Prior to enacting legislation in the early 2000’s, South African manufacturers of food could be held civilly liable under principles similar to those common in US tort law. Specifically, claimants alleging injury caused by unfit food could demonstrate that an entity was negligent in its manufacture of the product. The Muzik v. Cansone Del Mare case is a well-known example of a food-poisoning litigation where the court found in favor of a victim claiming a restaurant’s negligent preparation and service of seafood caused his serious injuries. The restaurant, Cansone Del Mare, served Muzik contaminated mussels which made him severely ill and led to his hospitalization. He subsequently sued the restaurant, and was awarded damages including his medical bills, lost wages, and loss of enjoyment of life because his fear of being poisoned again prevented him from enjoying a previously-loved food.
A few years after Muzik, South Africa provided foodborne illness claimants a powerful avenue of recovery when it enacted the Consumer Protection Act No. 68 of 2006 (CPA). Section 61 of the CPA establishes broad strict liability principles, specifically holding everyone in the supply chain of a product—manufacturers, importers, distributors, and retailers—liable for any harm their product causes, irrespective of whether or not they behaved negligently. The elements of strict products liability in South Africa is near-identical to the burden in the US: a claimant need only prove that their injury or illness was caused by (1) the supply of an unsafe product, (2) a product failure, defect, or hazard in the product, or (3) inadequate instructions or warnings. 61(1)(a)—(c).
If a claimant prevails in demonstrating her burden, the responsible parties are held jointly and severally liable for, “the death of, or injury to, any natural person; an illness of any natural person…and any economic loss that results from,” that death, injury, or illness. 61(5)(a)—(d). While initially appearing to be broad-sweeping legislation, Section 61 may also limit the liability of so-called “passive retailers”—entities who merely obtain pre-prepared food to sell to consumers. The relevant language bars liability if, “it is unreasonable to expect the distributor or retailer to have discovered that the unsafe product characteristic, failure, defect or hazard, having regard to that person’s role in marketing the goods to consumers.” 61(4)(c).
Finally, despite its many similarities to US product liability laws, South Africa also holds entities criminally liable for making contaminated or unfit food available to the public. The Food, Cosmetics and Disinfectants Act 54 of 1972 makes it a criminal offense for any person to, “sell, manufacture or import for sale, any foodstuff which is contaminated, impure or decayed, or is, in terms of any regulation deemed to be harmful or injurious to human health.” (2)(1)(b)(i). If the criminal offense is committed by an employee of a food service establishment, such liability attaches to the employer unless he can demonstrate that he took all reasonable measures to prevent the act or omission that led to the offense. (8)(1).

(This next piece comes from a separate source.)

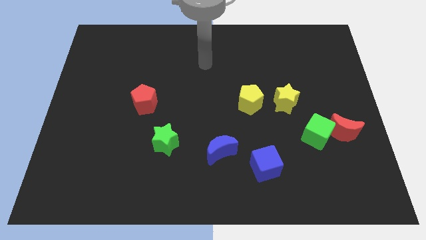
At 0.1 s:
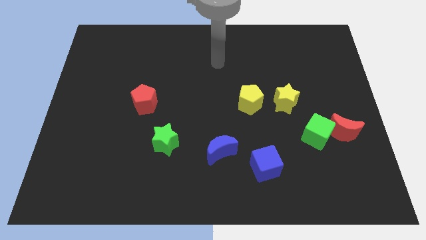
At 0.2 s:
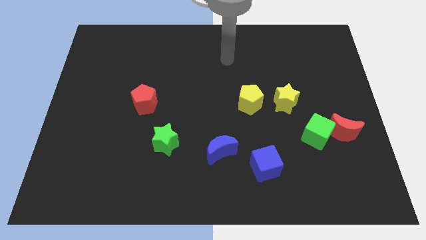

 Section 53 of the CPA defines a “defect” as, “(i) any material imperfection in the manufacture of the goods or components, or in performance of the services, that renders the goods or results of the service less acceptable than persons generally would be reasonably entitled to expect in the circumstances; or (ii) any characteristic of the goods or components that renders the goods or components less useful, practicable or safe than persons generally would be reasonably entitled to expect in the circumstances.”
 Simply forbidding the particular act or omission is insufficient to avoid liability. (8)(2).